Das obenstehende Diagramm zeigt die gängigen Materialien für Segel. Polyester hat seine Stärken in der UV- und in der Knickbeständigkeit und ist die mit Abstand günstigste Faser. Aber Aramid (Kevlar), Dyneema und besonders Carbon sind zugfester und steifer – Eigenschaften, die teuer erkauft werden müssen. Für größere Fahrtensegel stellt das auf Polyethylen basierende Dyneema eine gute Alternative zu Polyester und Carbon gleichzeitig dar. Zumal Carbon derart fest und steif ist, dass die übrigen Beschläge an Bord darauf abgestimmt sein sollten. Nylon kommt nur für Raumschotssegel zum Einsatz.

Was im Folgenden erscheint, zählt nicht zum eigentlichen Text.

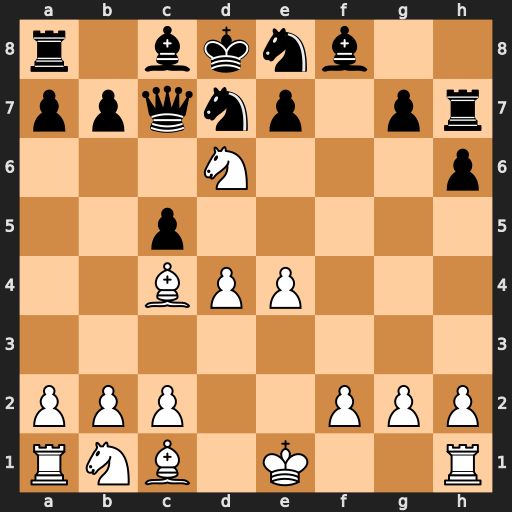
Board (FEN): r1bknb2/ppqnp1pr/3N3p/2p5/2BPP3/8/PPP2PPP/RNB1K2R
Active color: w
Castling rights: KQ
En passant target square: -
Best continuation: Nf7#
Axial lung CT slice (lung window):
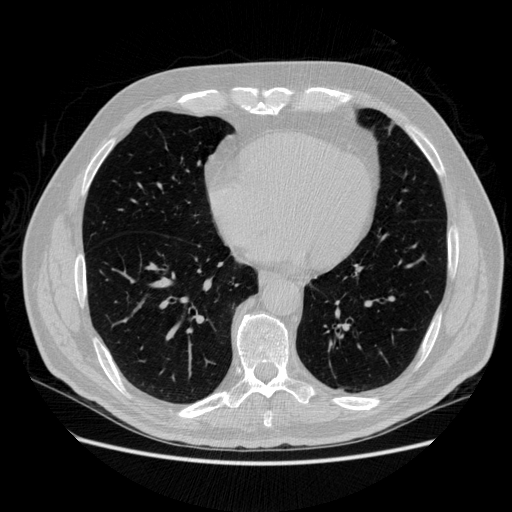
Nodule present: no

Jedes Laminat, ob mit Folie oder nicht, kann für eine längere Haltbarkeit mit Taft geschützt werden. Das Polyestervlies schützt vor Knicken und UV-Strahlung. Auch die Ausrüstung, etwa durchgehende Latten, bessere Rutscher, Liekbänder, Windbändsel, Fenster und Verstärkungen, ist bei jedem Segel individuell und wirkt sich am Ende auf den Preis aus. Aber wie teuer muss ein Segel sein? Will man Angebote vom einfachen Tuch bis zum Performance-orientierten Laminat vergleichen, meint Sören Hansen von Elvstrøm: „Da kann ich locker 50 verschiedene Segeltypen nennen. So einfach lässt sich die Wahl nicht auf wenige mögliche Resultate herunterbrechen. Wichtig ist die Beratung beim Segelmacher: Wie viel wird pro Saison gesegelt, wird aktiv getrimmt, sollen eventuell Regatten bestritten werden?“
Sascha Schwarck von Elvstrøm Deutschland in Heiligenhafen liefert vier Beispiele (siehe Kasten oben). Er betont, dass es zu den angegebenen Preisen zwar ein fertiges Segel gebe, durch die individuelle Ausstattung aber trotzdem größere Unterschiede auf der finalen Rechnung entstehen könnten. Die beiden ersten Anwendungsprofile mit weniger Meilen pro Jahr, keinen Regatten und eher unambitioniertem Trimm werden mit Polyestergeweben im Horizontalschnitt ausgestattet. Der Unterschied besteht in der Tuchqualität. Die Profile drei und vier bekommen Laminate, Letzteres sogar mit Technora-Black-Fasern. Das schlägt sich im Preis nieder: Die Performance-Ware kostet mehr als doppelt so viel wie das günstige Polyestergewebe. Die Preisspanne erstreckt sich zwischen 4.500 und 10.380 Euro – ein gewaltiger Unterschied. Selbst wenn es das Budget hergibt, muss die teuerste nicht die beste Wahl sein. Ein neues, gut stehendes Segel bringt bei jedem Boot mehr Segelspaß und -komfort. Die Wahl des Materials entscheidet darüber, wie lange diese Vorteile bleiben.